Welcome everybody. We are looking forward to have a nice weekend with all of you here in Nijmegen, the personal friends, the members of Jewel Heart, and also those who are not a direct member of Jewel Heart but like to be here. Welcome all of you.

When you do a workshop like this I would like each and everyone of you to have some kind of close relation rather than you watching from over there and saying: ‘Well, I want to find out what this is all about’ and me sitting and talking over here.

The second question: Do you have any expectations? What are you expecting to gain out of this weekend? I don’t think anybody will expect to become enlightened over the weekend and I am also sure nobody is expecting to become a bodhisattva, which is the buddhist terminology for a dedicated altruistic person. It is recommended not to have any expectations at all and if that is the case with you it is great. Let us not build up many expectations, however let us hope to gain something. That something should be a slight difference in personality or way of thinking before the weekend and after. Let’s hope to get a slight difference in the personality, in the way we are approaching the world, our friends, companion, children or whatever.

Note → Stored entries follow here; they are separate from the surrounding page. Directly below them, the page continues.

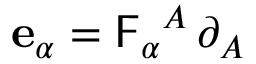
\mathbf { e } _ { \alpha } = \mathsf { F } _ { \alpha } { } ^ { A } \, \partial _ { A }
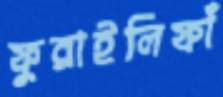
ফুরাইলিফাঁ
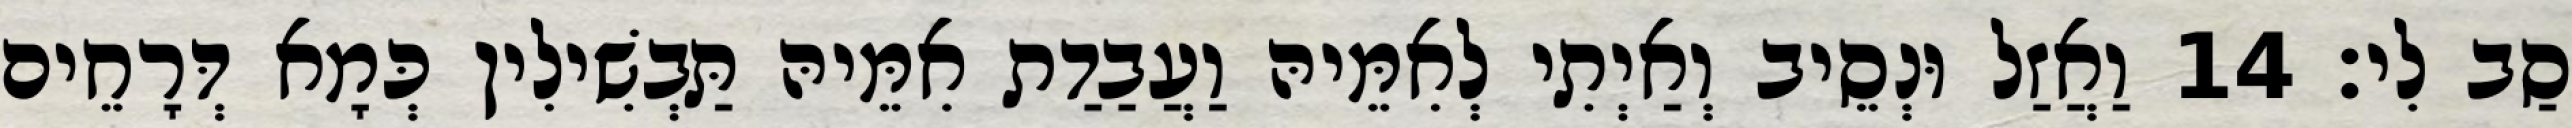
סַב לִי׃ 14 וַאֲזַל וּנְסֵיב וְאַיְתִי לְאִמֵּיהּ וַעֲבַדַת אִמֵּיהּ תַּבְשִׁילִין כְּמָא דְּרָחֵים
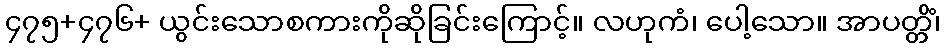
၄၇၅+၄၇၆+ ယွင်းသောစကားကိုဆိုခြင်းကြောင့်။ လဟုကံ၊ ပေါ့သော။ အာပတ္တိံ၊
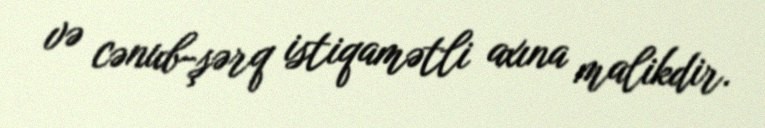
və cənub-şərq istiqamətli axına malikdir.
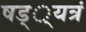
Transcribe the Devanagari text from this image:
षड््यत्रं
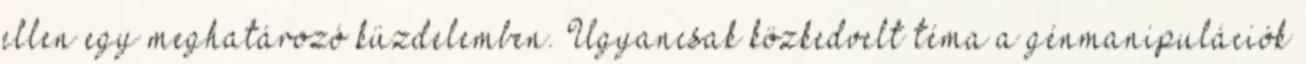
ellen egy meghatározó küzdelemben. Ugyancsak közkedvelt téma a génmanipulációk
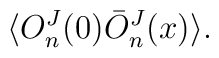
\langle O^J_n (0) \bar {O}^J_n(x)\rangle.
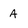
Character: A
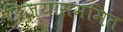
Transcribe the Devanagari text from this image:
त्रिज्यासममित
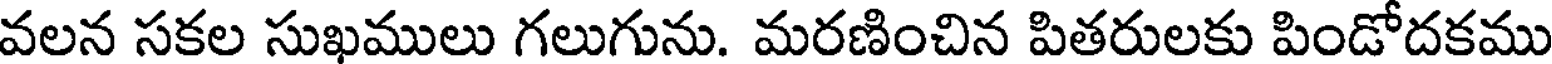
వలన సకల సుఖములు గలుగును. మరణించిన పితరులకు పిండోదకము
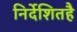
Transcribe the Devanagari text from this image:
निर्देशितहै
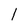
Character: 1
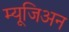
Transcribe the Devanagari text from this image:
म्यूजिअन
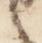
言
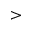
>
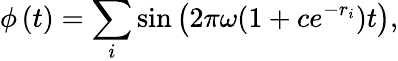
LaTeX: \phi\left(t\right)=\sum_{i}\sin\left(2\pi\omega(1+ce^{-r_{i}})t\right),
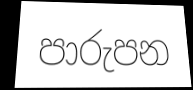
පාරුපන
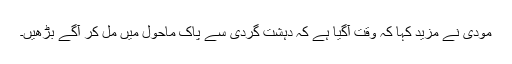
مودی نے مزید کہا کہ وقت آگیا ہے کہ دہشت گردی سے پاک ماحول میں مل کر آگے بڑھیں۔
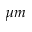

One more thing. I have been working with the members of the Jewel Heart here on a complete teaching of a shorter Lamrim of Tsong Khapa and we were left with a little part at the end [which we didn’t finish]. We can combine it together here with this. Thus you are going to get a true tradition, yet with a lot of room for adjustments. There is no need for earlier buddhist background. Most of you have a buddhist background. That is great. It makes it much easier for me to talk. However if you have difficulty to understand, raise your hand and stop me at any time.

What is love? What is compassion?

When we talk about love, what are we talking about? We are not talking about attachment. We are not talking about excitement. We are talking about wishing to make [someone] joyful, happy and pleasant. In a way that is even true in ordinary love, the juicy love. You know, when you say: ‘I love you’ what does it mean? The expression one person is giving to another is not necessarily telling the other person: ‘I am going to posses you, I am going to take you over.’ They are telling: ‘I wish and I want to make you happy and joyful’. Do you get that message? It is so, mostly, even with our ordinary word love. I am sure everyone of us here has exchanged that word a number of times. Right?

So the point of love is: wishing the other to be well and wishing the other to have a joyful state, whatever it may be. Keep that as one straight point. Let there be no misunderstanding. Okay?

Now the second portion is the compassion. What does compassion mean? It is quite simple. Love and compassion is like a piece of cloth folded either this way or that way. Love is wishing them joy and happiness. Compassion is the mind which makes remove their sufferings, remove the pains from each individual. If you have any problems with that I will be more than happy to review and discuss it. No problems? Good. So very basically that is the idea of love and compassion. Now we are going to work towards that.

There was a great Indian saint and scholar who brought the teachings of the love-compassion oriented mental attitude into Tibet in the 12th century. The guy’s name was Atisha. Atisha, of course followed by a number of tibetan teachers and particularly Tsong Khapa, gave the Tibetans this advice:

Unless and until you become capable of loving yourself,

you can never be capable of loving others.

That is a very important statement. So important and so valuable for us. Before one develops love-compassion towards anybody else, one should be capable of loving oneself. So no matter whatever you have to do, no matter whatever it takes, it is worth to make to love yourself.

As a human being we have a beautiful and kind nature within us. So there is no reason why we cannot develop love and compassion to ourselves. At least love. Definitely we have the capability of loving ourselves. Definitely! There is no question.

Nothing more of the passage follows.